Liberal Democrat leader, Nick Clegg, has even sought to assure the 'markets' - the venal bondholders who are presently holding the Greek government to ransom - that he would insist on "immediate cuts" in the event of a hung parliament with the Lib Dems holding the balance of power, as the price of his party's votes sustaining a minority government. The prospect of such a government has spooked the markets because the average capitalist investor wants a 'strong' government, citing the present 'black-yellow' coalition in Germany of Angela Merkel's Christian Democrats and the vicious, pro-market Free Democrats. They seem not to have noticed that this government has come up against the implacable resistance of the working class and trade unions.

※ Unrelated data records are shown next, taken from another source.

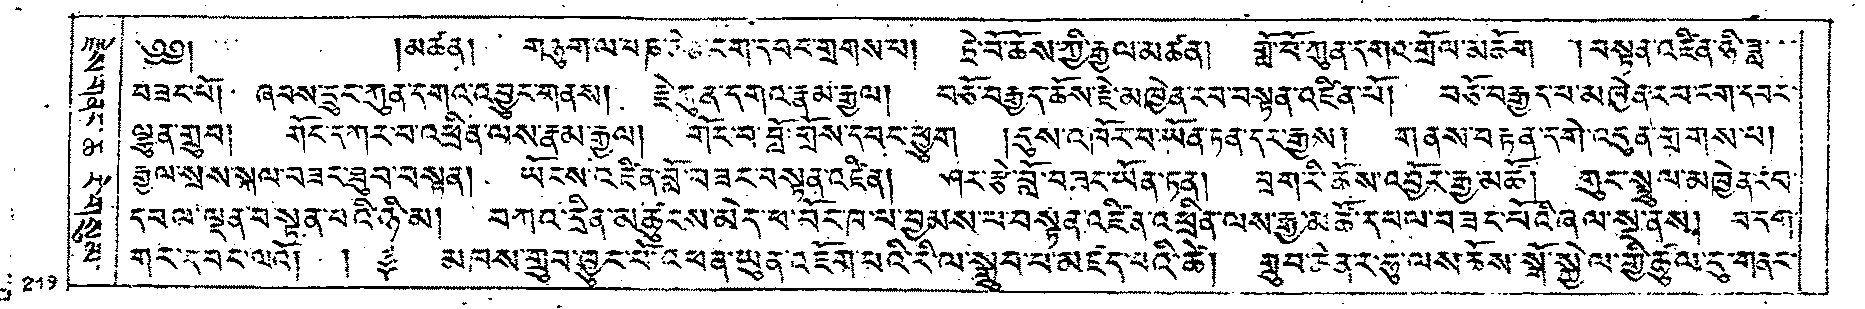༄༅། །མཚན། གཉུག་ལ་པཎ་ཆེན་ངག་དབང་གྲགས་པ། ཏྲེ་བོ་ཆོས་ཀྱི་རྒྱལ་མཚན། གློ་བོ་ཀུན་དགའ་གྲོལ་མཆོག །བསྟན་འཛིན་ཉི་ཟླ་
བཟང་པོ། ཞབས་དྲུང་ཀུན་དགའ་འབྱུང་གནས། རྗེ་ཀུན་དགའ་རྣམ་རྒྱལ། བཅོ་བརྒྱད་ཆོས་རྗེ་མཁྱེན་རབ་བསྟན་འཛིན་པོ། བཅོ་བརྒྱད་པ་མཁྱེན་རབ་ངག་དབང་
ལྷུན་གྲུབ། གོང་དཀར་བ་འཕྲིན་ལས་རྣམ་རྒྱལ། གོང་བ་བློ་གྲོས་དབང་ཕྱུག །དུས་འཁོར་བ་ཡོན་ཏན་དར་རྒྱས། གནས་བརྟན་དགེ་འདུན་གྲགས་པ།
རྒྱལ་སྲས་སྐལ་བཟང་ཐུབ་བསྟན། ཡོངས་འཛིན་བློ་བཟང་བསྟན་འཛིན། ཤར་རྩེ་བློ་བཟང་ཡོན་ཏན། བྲག་རི་ཆོས་འབྱོར་རྒྱ་མཚོ། གུང་སྤྲུལ་མཁྱེན་རབ་
དཔལ་ལྡན་བསྟན་པའི་ཉི་མ། བཀའ་དྲིན་མཚུངས་མེད་ཕ་བོང་ཁ་པ་བྱམས་པ་བསྟན་འཛིན་འཕྲིན་ལས་རྒྱ་མཚོ་དཔལ་བཟང་པོའི་ཞལ་སྔ་ནས། བདག་
གར་དབང་ལའོ། །༈ མཁས་གྲུབ་ཁྱུང་པོ་འཕན་ཡུན་འཇོག་པའི་རི་ལ་སྒྲུབ་པ་མཛད་པའི་ཚེ། གྲུབ་ཆེན་ར་ཧུ་ལས་ཆོས་སྒོ་སྐྱེལ་གྱི་ཚུལ་དུ་གནང་

This has resulted in plummeting support for the Free Democrats and increased support in the polls for the Greens and even the Social Democrats, who had been disastrously defeated in last year's general election because of their previous attacks on the German workers. In Britain, the more farsighted capitalist representatives - as opposed to those directly engaged in the market - tend to welcome the prospect of a hung parliament and what would flow from this in the form of a minority government.

They calculate that such a government could be forced to do the bidding of the capitalists, and could even lead to a national government of the Tories, Liberal Democrats and New Labour. This post-election variant, surprising at first sight, has been the position of Samuel Brittan, the former arch-monetarist and an economic commentator of the Financial Times. Even the Citigroup chief economist, Willem Buiter, echoed Brittan in the Financial Times: "A commitment now to a three-party government of national unity could stabilise matters immediately. "Failing that, all three parties could agree the size of post-election tightening, with only the mix of tax raising and spending cuts to be decided after the election". The proviso: "I am not holding my breath"! Similar sentiments are expressed by the director of the Confederation of British Industry, Richard Lambert. He declared that current concerns "of the possibility of a hung parliament at the next election were slightly overplayed".Philosophically, he muses: "The world spins on. It's what democracy is all about". But his particular spin is for a credible plan to 'fix public finances'. He does not want immediate 'deep cuts' - the favoured option of the Tories - nor does he want hefty tax increases and a post-election emergency budget - a further rap over the knuckles for the Tories from the knight of big business.

But he does want measures to favour his class (the bosses), including "modest cumulative cuts of £50 billion in current public spending by the middle of the next decade accompanied by the avoidance of tax rises on business". Such cuts would devastate the lives of millions. Moreover, this would be just the start of a programme of cuts stretching into the future.